## Your instructions
Retype each line of the material exactly, please, skipping any picture in it.

## Dataset excerpts
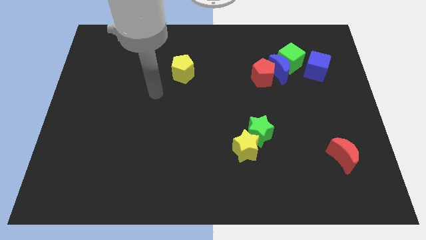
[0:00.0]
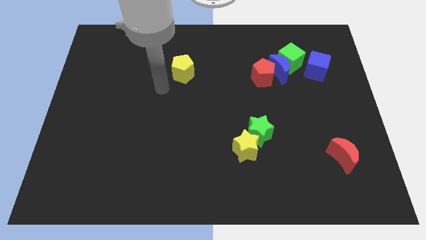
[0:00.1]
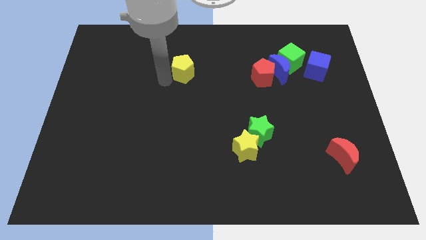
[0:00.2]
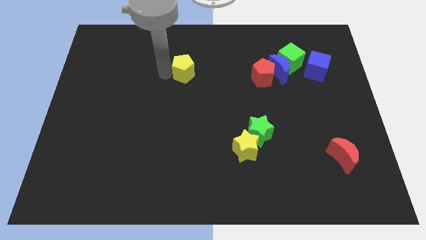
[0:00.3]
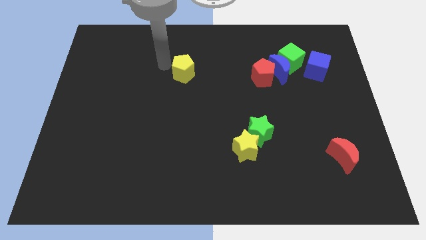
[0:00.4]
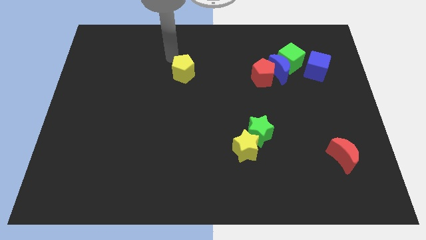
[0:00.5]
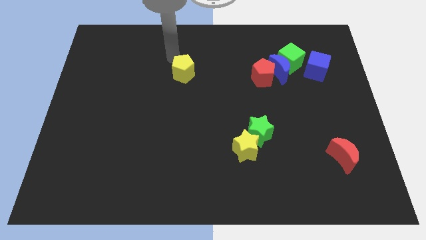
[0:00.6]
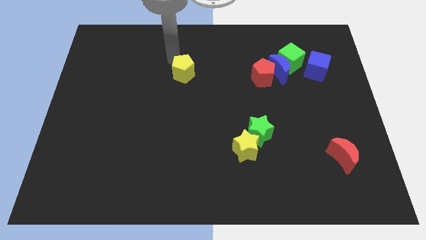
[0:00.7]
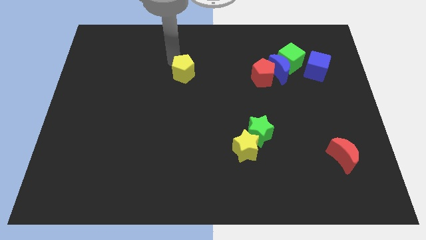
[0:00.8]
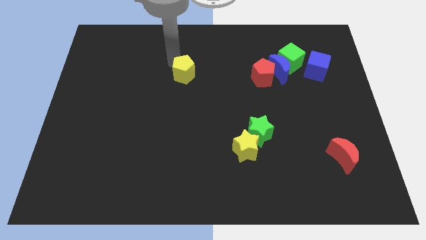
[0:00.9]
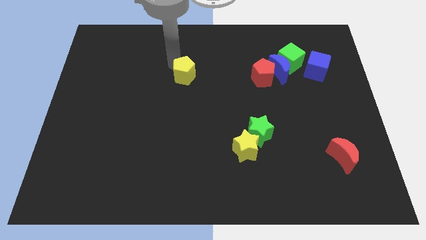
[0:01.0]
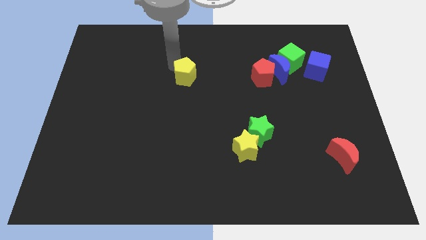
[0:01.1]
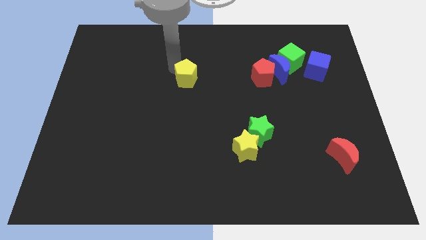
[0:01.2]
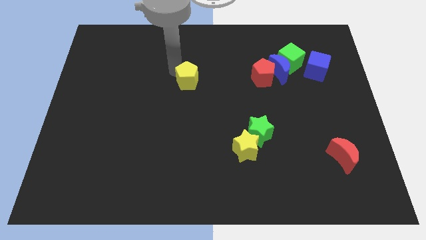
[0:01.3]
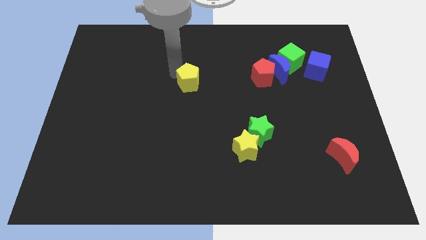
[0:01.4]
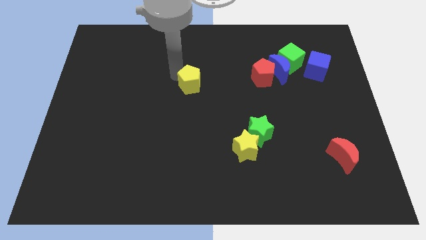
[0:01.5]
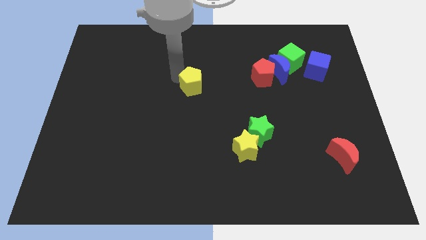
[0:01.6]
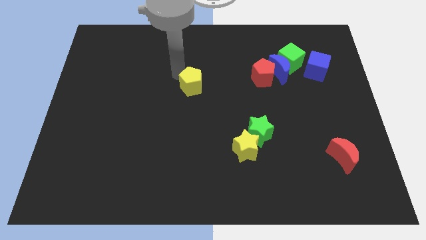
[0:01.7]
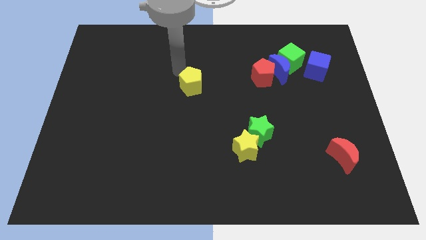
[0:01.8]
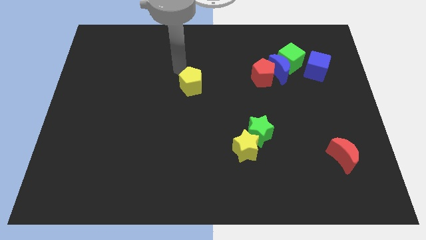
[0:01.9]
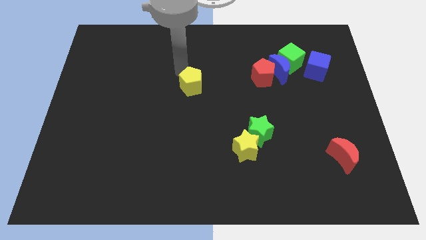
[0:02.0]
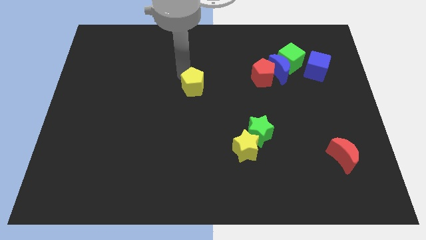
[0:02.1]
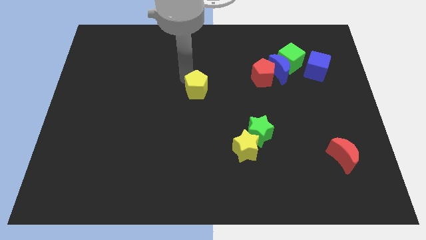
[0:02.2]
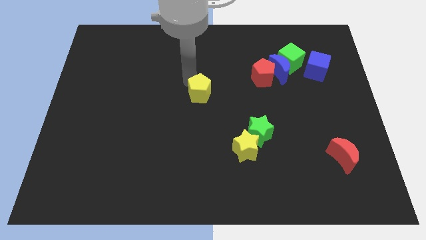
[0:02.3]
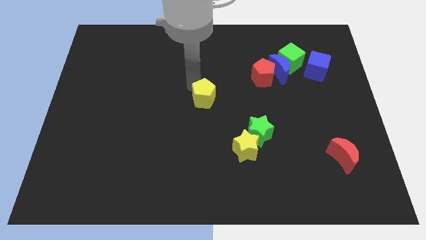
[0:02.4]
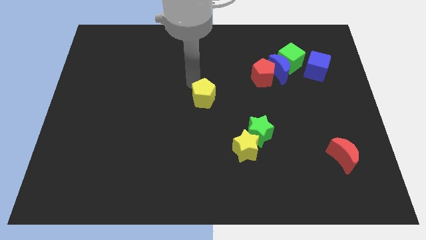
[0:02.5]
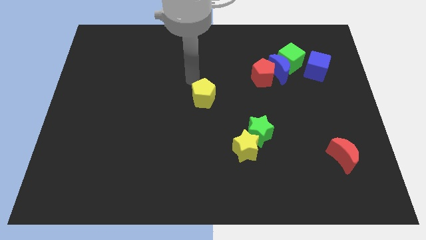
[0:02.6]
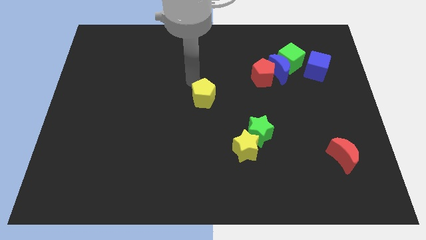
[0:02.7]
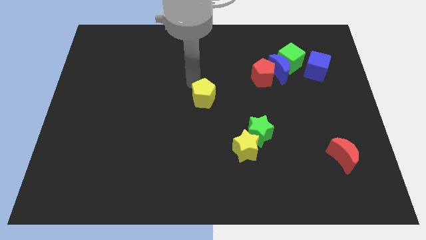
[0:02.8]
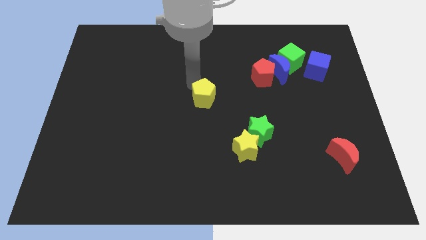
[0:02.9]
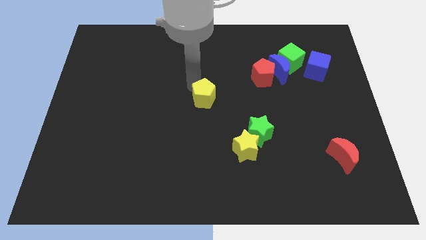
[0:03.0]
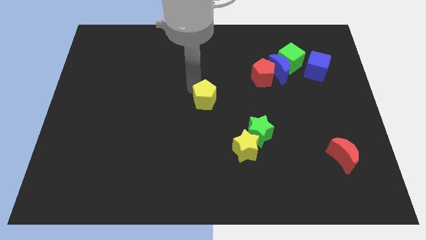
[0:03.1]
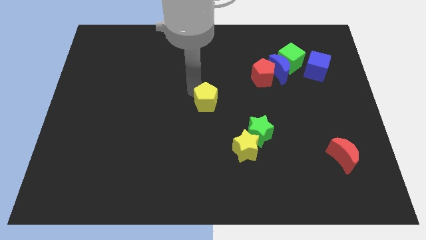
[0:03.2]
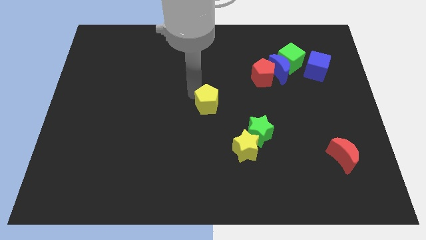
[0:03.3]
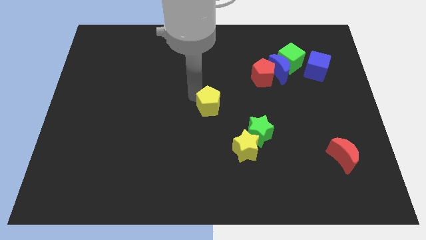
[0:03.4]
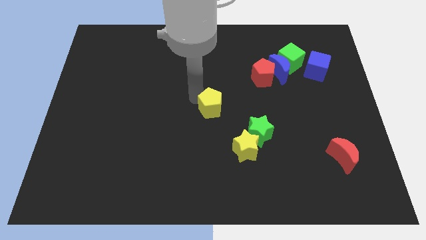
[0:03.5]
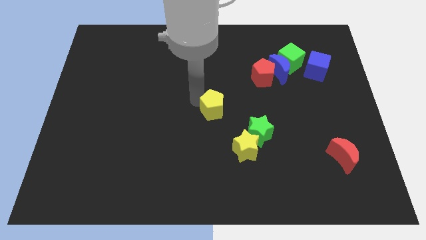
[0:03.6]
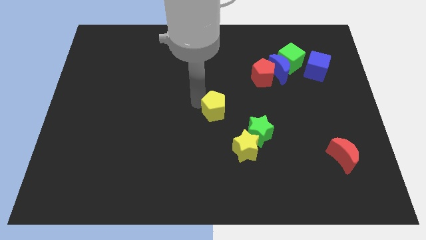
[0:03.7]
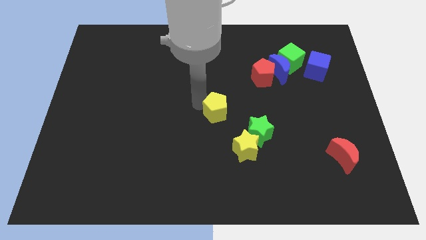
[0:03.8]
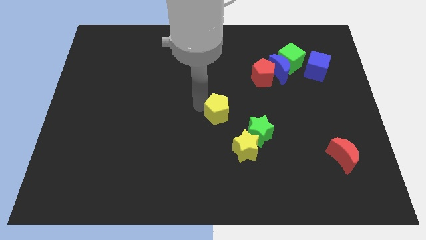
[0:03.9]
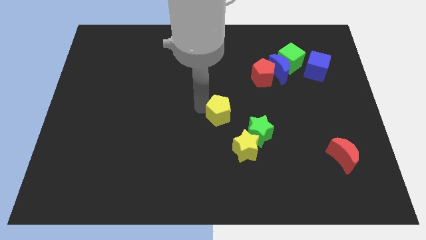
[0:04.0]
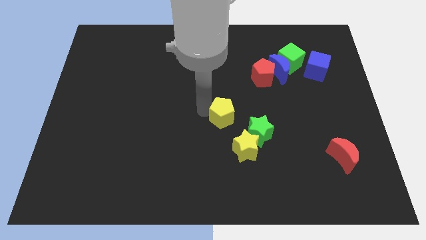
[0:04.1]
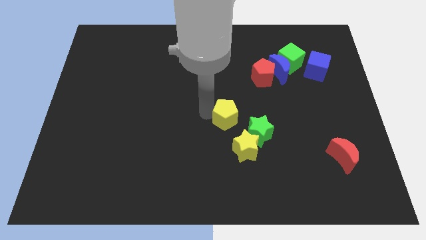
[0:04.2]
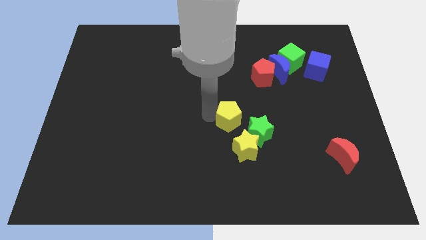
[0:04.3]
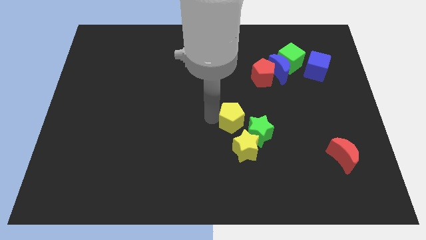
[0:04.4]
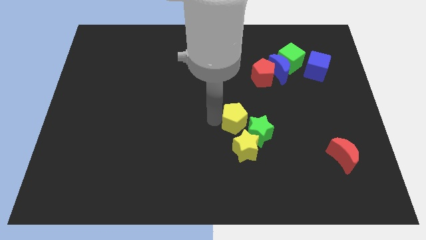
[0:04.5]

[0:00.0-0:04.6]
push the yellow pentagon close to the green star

## Solution to the exercise
[0:00.0]
[0:00.1]
[0:00.2]
[0:00.3]
[0:00.4]
[0:00.5]
[0:00.6]
[0:00.7]
[0:00.8]
[0:00.9]
[0:01.0]
[0:01.1]
[0:01.2]
[0:01.3]
[0:01.4]
[0:01.5]
[0:01.6]
[0:01.7]
[0:01.8]
[0:01.9]
[0:02.0]
[0:02.1]
[0:02.2]
[0:02.3]
[0:02.4]
[0:02.5]
[0:02.6]
[0:02.7]
[0:02.8]
[0:02.9]
[0:03.0]
[0:03.1]
[0:03.2]
[0:03.3]
[0:03.4]
[0:03.5]
[0:03.6]
[0:03.7]
[0:03.8]
[0:03.9]
[0:04.0]
[0:04.1]
[0:04.2]
[0:04.3]
[0:04.4]
[0:04.5]

[0:00.0-0:04.6]
push the yellow pentagon close to the green star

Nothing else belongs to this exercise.